• AIM OF THE TASK: An exact transcription of each entry below is required, without any pictures.
▬▬▬▬▬▬▬▬▬▬
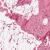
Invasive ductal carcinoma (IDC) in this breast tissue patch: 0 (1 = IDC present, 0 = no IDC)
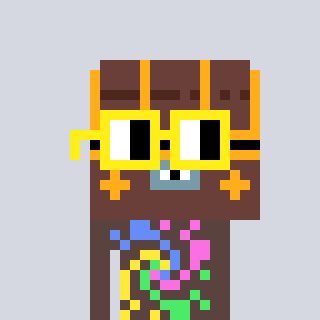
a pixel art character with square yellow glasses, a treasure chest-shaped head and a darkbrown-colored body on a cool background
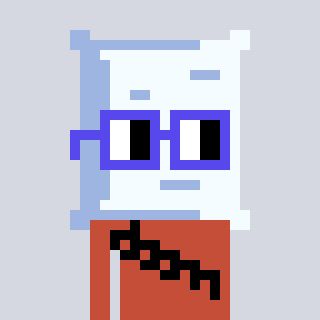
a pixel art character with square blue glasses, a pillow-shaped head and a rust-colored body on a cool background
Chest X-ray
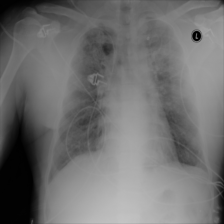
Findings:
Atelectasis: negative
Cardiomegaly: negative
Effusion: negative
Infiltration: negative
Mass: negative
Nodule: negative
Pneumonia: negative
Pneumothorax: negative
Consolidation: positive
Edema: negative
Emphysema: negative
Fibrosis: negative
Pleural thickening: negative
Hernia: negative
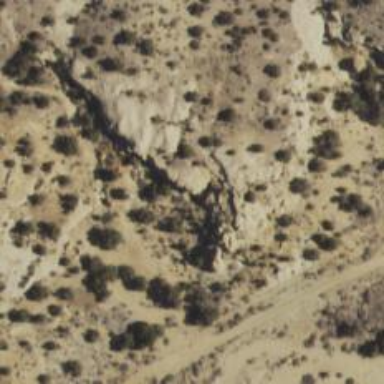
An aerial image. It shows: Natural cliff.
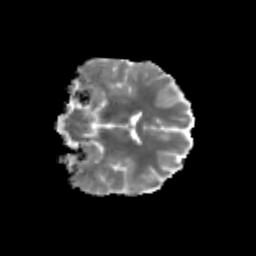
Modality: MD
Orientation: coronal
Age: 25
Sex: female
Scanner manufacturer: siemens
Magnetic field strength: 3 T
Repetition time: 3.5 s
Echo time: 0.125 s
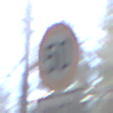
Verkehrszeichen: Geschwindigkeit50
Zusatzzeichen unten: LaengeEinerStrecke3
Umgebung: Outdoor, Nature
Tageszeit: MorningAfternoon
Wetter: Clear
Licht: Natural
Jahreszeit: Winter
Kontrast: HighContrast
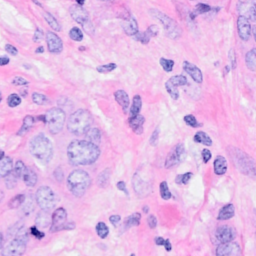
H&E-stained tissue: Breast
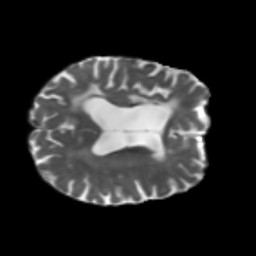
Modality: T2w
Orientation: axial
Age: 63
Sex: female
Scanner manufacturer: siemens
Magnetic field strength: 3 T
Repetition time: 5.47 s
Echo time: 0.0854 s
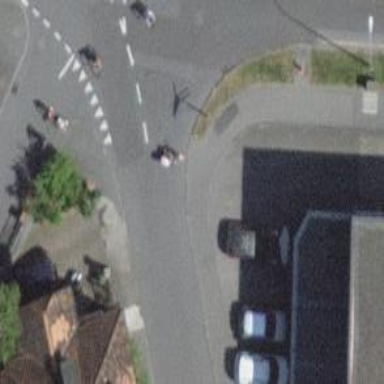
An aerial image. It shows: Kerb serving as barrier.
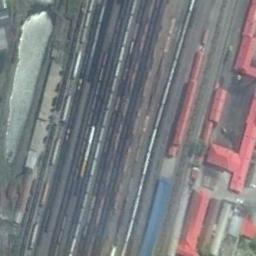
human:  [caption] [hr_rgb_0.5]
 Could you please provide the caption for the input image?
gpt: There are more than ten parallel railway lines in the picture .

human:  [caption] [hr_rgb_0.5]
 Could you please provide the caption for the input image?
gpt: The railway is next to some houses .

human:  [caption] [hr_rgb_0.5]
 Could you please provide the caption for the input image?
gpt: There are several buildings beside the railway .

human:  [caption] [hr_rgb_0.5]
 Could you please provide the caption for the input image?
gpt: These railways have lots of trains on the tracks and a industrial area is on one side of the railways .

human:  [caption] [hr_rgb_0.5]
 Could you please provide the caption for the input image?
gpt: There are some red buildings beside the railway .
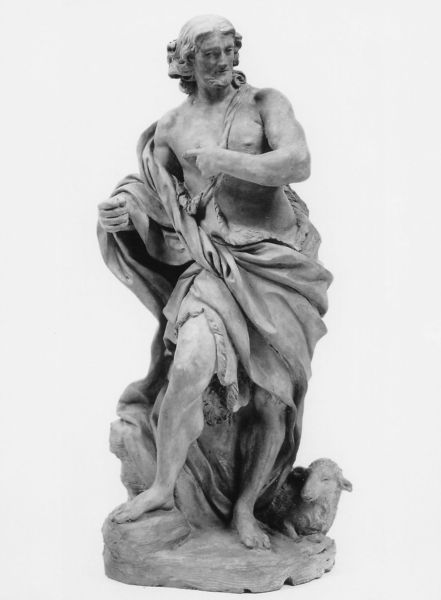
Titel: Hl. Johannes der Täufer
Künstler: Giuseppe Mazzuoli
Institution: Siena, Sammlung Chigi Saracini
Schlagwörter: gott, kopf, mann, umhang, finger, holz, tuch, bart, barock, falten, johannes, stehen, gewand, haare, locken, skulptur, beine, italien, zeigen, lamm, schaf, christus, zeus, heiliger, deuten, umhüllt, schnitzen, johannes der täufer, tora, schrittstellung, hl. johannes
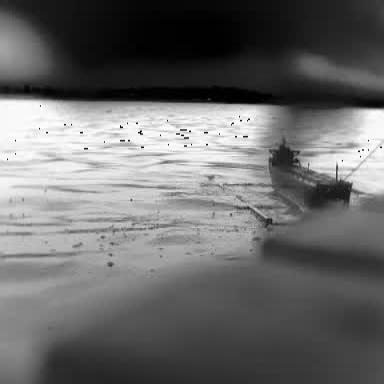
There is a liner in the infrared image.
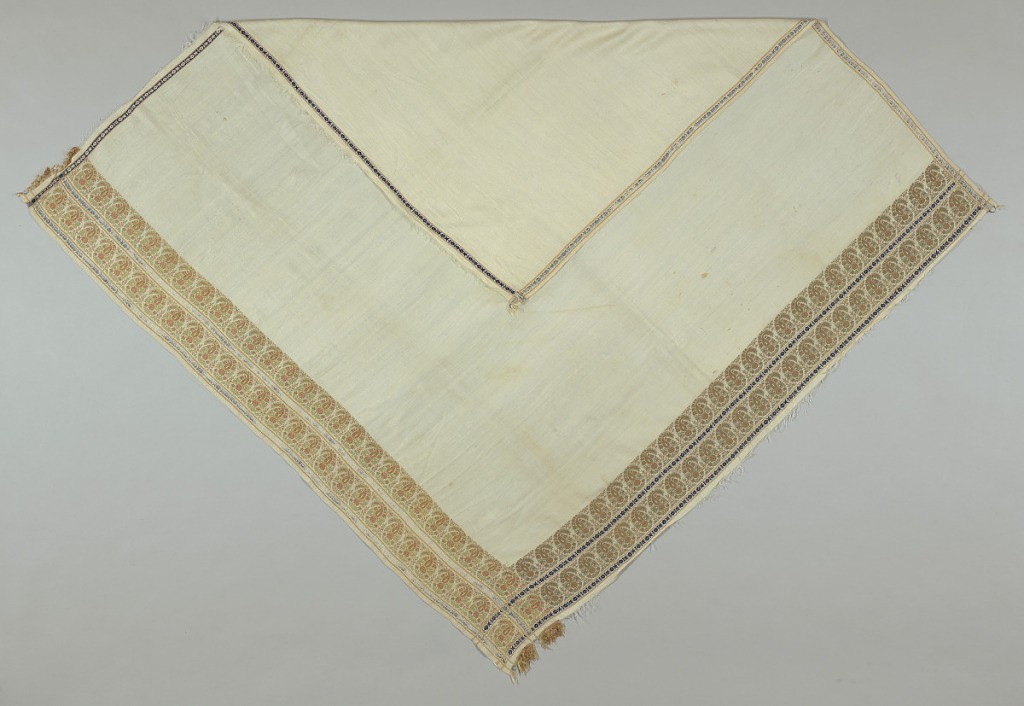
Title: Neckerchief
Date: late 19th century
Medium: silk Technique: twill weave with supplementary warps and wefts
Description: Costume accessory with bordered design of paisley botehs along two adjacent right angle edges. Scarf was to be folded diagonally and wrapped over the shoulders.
▬▬▬▬▬▬▬▬▬▬
• SOLVED PROBLEM:
Invasive ductal carcinoma (IDC) in this breast tissue patch: 0 (1 = IDC present, 0 = no IDC)
a pixel art character with square yellow glasses, a treasure chest-shaped head and a darkbrown-colored body on a cool background
a pixel art character with square blue glasses, a pillow-shaped head and a rust-colored body on a cool background
Chest X-ray
Findings:
Atelectasis: negative
Cardiomegaly: negative
Effusion: negative
Infiltration: negative
Mass: negative
Nodule: negative
Pneumonia: negative
Pneumothorax: negative
Consolidation: positive
Edema: negative
Emphysema: negative
Fibrosis: negative
Pleural thickening: negative
Hernia: negative
An aerial image. It shows: Natural cliff.
Modality: MD
Orientation: coronal
Age: 25
Sex: female
Scanner manufacturer: siemens
Magnetic field strength: 3 T
Repetition time: 3.5 s
Echo time: 0.125 s
Verkehrszeichen: Geschwindigkeit50
Zusatzzeichen unten: LaengeEinerStrecke3
Umgebung: Outdoor, Nature
Tageszeit: MorningAfternoon
Wetter: Clear
Licht: Natural
Jahreszeit: Winter
Kontrast: HighContrast
H&E-stained tissue: Breast
Modality: T2w
Orientation: axial
Age: 63
Sex: female
Scanner manufacturer: siemens
Magnetic field strength: 3 T
Repetition time: 5.47 s
Echo time: 0.0854 s
An aerial image. It shows: Kerb serving as barrier.
human:  [caption] [hr_rgb_0.5]
 Could you please provide the caption for the input image?
gpt: There are more than ten parallel railway lines in the picture .

human:  [caption] [hr_rgb_0.5]
 Could you please provide the caption for the input image?
gpt: The railway is next to some houses .

human:  [caption] [hr_rgb_0.5]
 Could you please provide the caption for the input image?
gpt: There are several buildings beside the railway .

human:  [caption] [hr_rgb_0.5]
 Could you please provide the caption for the input image?
gpt: These railways have lots of trains on the tracks and a industrial area is on one side of the railways .

human:  [caption] [hr_rgb_0.5]
 Could you please provide the caption for the input image?
gpt: There are some red buildings beside the railway .
Titel: Hl. Johannes der Täufer
Künstler: Giuseppe Mazzuoli
Institution: Siena, Sammlung Chigi Saracini
Schlagwörter: gott, kopf, mann, umhang, finger, holz, tuch, bart, barock, falten, johannes, stehen, gewand, haare, locken, skulptur, beine, italien, zeigen, lamm, schaf, christus, zeus, heiliger, deuten, umhüllt, schnitzen, johannes der täufer, tora, schrittstellung, hl. johannes
There is a liner in the infrared image.
Title: Neckerchief
Date: late 19th century
Medium: silk Technique: twill weave with supplementary warps and wefts
Description: Costume accessory with bordered design of paisley botehs along two adjacent right angle edges. Scarf was to be folded diagonally and wrapped over the shoulders.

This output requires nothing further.